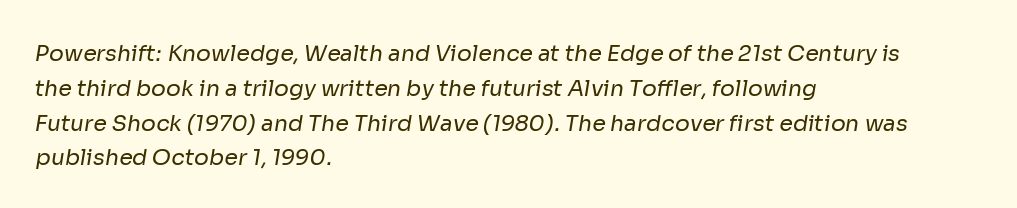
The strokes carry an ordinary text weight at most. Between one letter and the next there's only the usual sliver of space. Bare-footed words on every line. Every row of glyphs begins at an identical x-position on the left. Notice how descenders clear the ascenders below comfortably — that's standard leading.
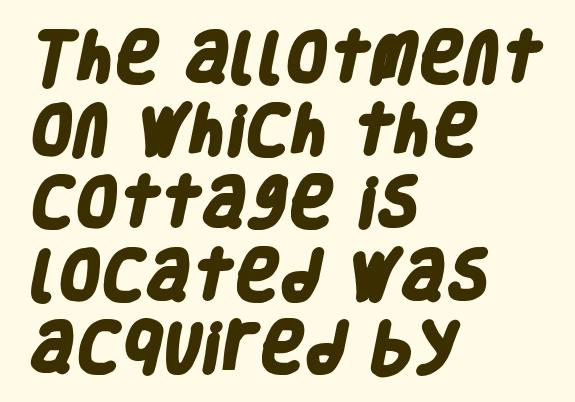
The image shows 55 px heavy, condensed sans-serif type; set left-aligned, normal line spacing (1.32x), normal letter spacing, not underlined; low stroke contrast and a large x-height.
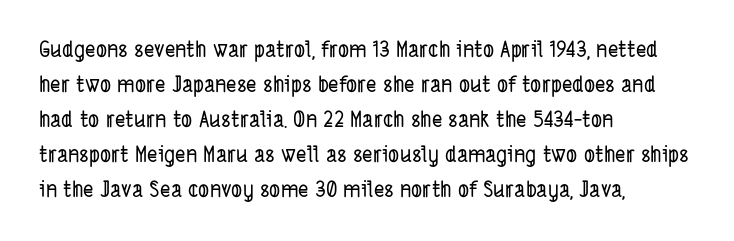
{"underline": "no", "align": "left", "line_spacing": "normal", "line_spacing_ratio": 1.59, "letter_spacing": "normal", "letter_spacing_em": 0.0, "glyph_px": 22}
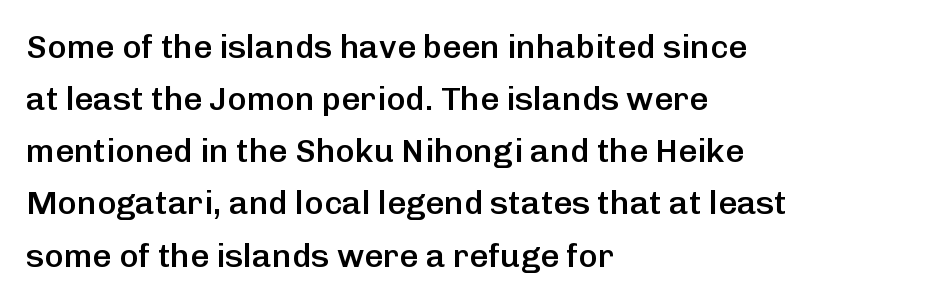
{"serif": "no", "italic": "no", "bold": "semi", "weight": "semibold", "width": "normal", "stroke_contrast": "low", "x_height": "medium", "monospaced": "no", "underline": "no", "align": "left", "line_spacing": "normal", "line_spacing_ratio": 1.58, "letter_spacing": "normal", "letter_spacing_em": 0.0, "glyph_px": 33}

▶ [ASSIGNMENT]: All of the material above should be copied exactly, minus the pictures.

▶ [WRITTEN RESPONSE]:
The strokes carry an ordinary text weight at most. Between one letter and the next there's only the usual sliver of space. Bare-footed words on every line. Every row of glyphs begins at an identical x-position on the left. Notice how descenders clear the ascenders below comfortably — that's standard leading.
The image shows 55 px heavy, condensed sans-serif type; set left-aligned, normal line spacing (1.32x), normal letter spacing, not underlined; low stroke contrast and a large x-height.
{"underline": "no", "align": "left", "line_spacing": "normal", "line_spacing_ratio": 1.59, "letter_spacing": "normal", "letter_spacing_em": 0.0, "glyph_px": 22}
{"serif": "no", "italic": "no", "bold": "semi", "weight": "semibold", "width": "normal", "stroke_contrast": "low", "x_height": "medium", "monospaced": "no", "underline": "no", "align": "left", "line_spacing": "normal", "line_spacing_ratio": 1.58, "letter_spacing": "normal", "letter_spacing_em": 0.0, "glyph_px": 33}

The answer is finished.